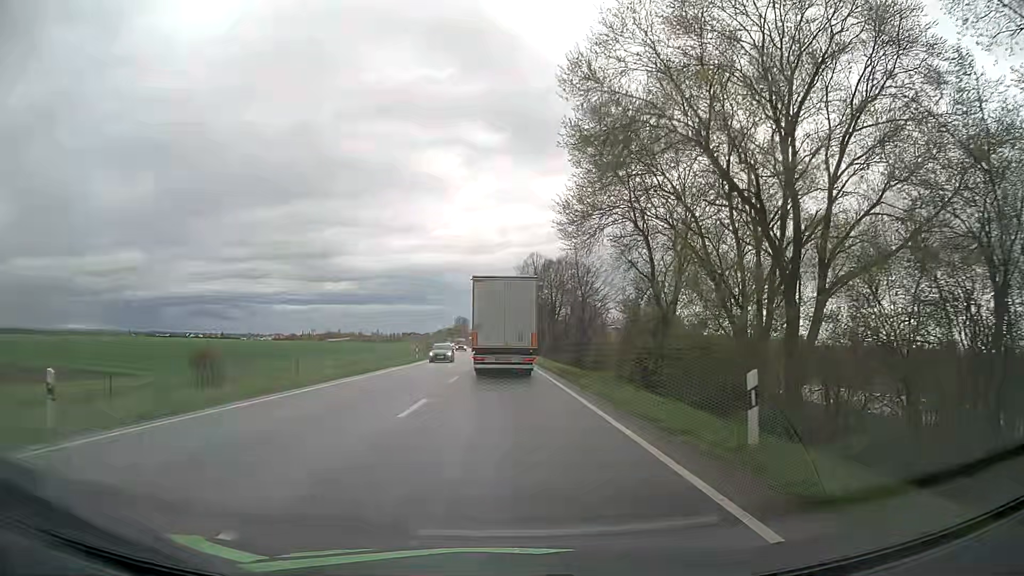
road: primary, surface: asphalt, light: Day
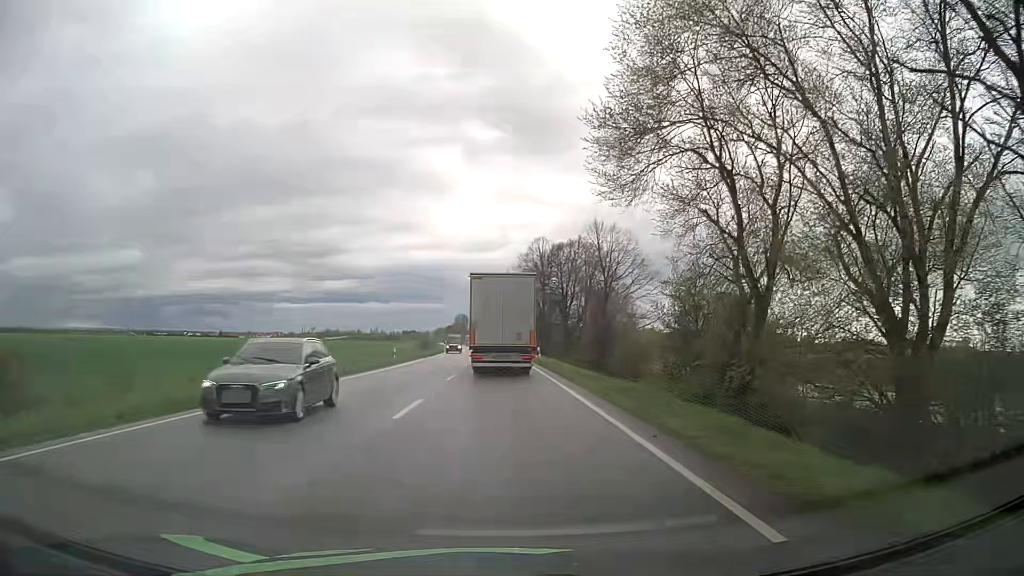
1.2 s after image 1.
(0.0, +12.4) m; 0°
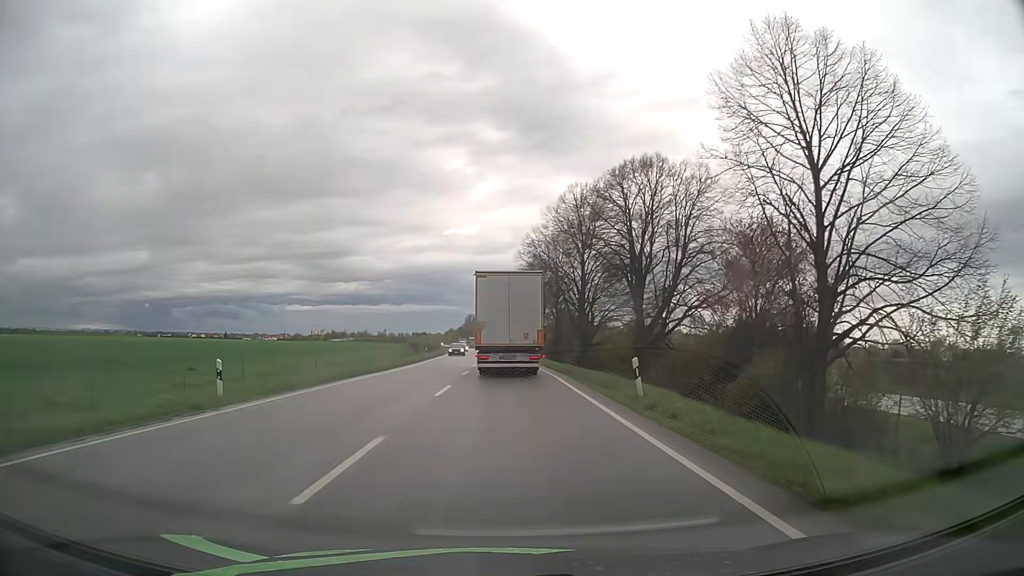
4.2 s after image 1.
(-0.4, +30.1) m; -2°
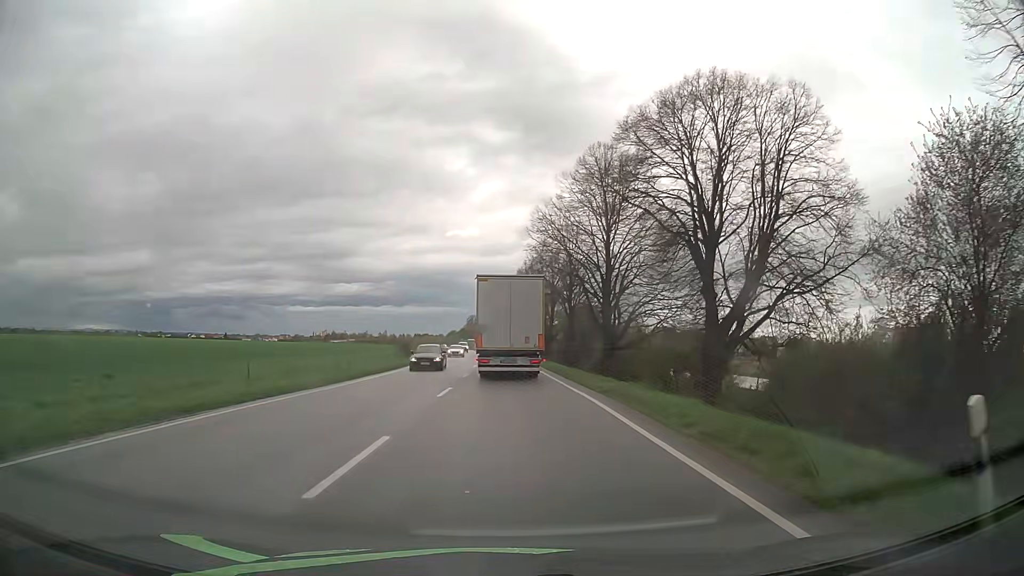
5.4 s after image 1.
(0.0, +11.7) m; 0°
(0, +10) (0, +20) (0, +30) (0, +40) (0, +50) (-1, +60) (-1, +70) (-1, +80) (-2, +90) (-2, +100) m

○ ○ ○

Activity: Pictures aside, set down the lines from the one containing "1.2 s after image 1." through the end of the records above, exactly and only those.

Written solution:
1.2 s after image 1.
(0.0, +12.4) m; 0°
4.2 s after image 1.
(-0.4, +30.1) m; -2°
5.4 s after image 1.
(0.0, +11.7) m; 0°
(0, +10) (0, +20) (0, +30) (0, +40) (0, +50) (-1, +60) (-1, +70) (-1, +80) (-2, +90) (-2, +100) m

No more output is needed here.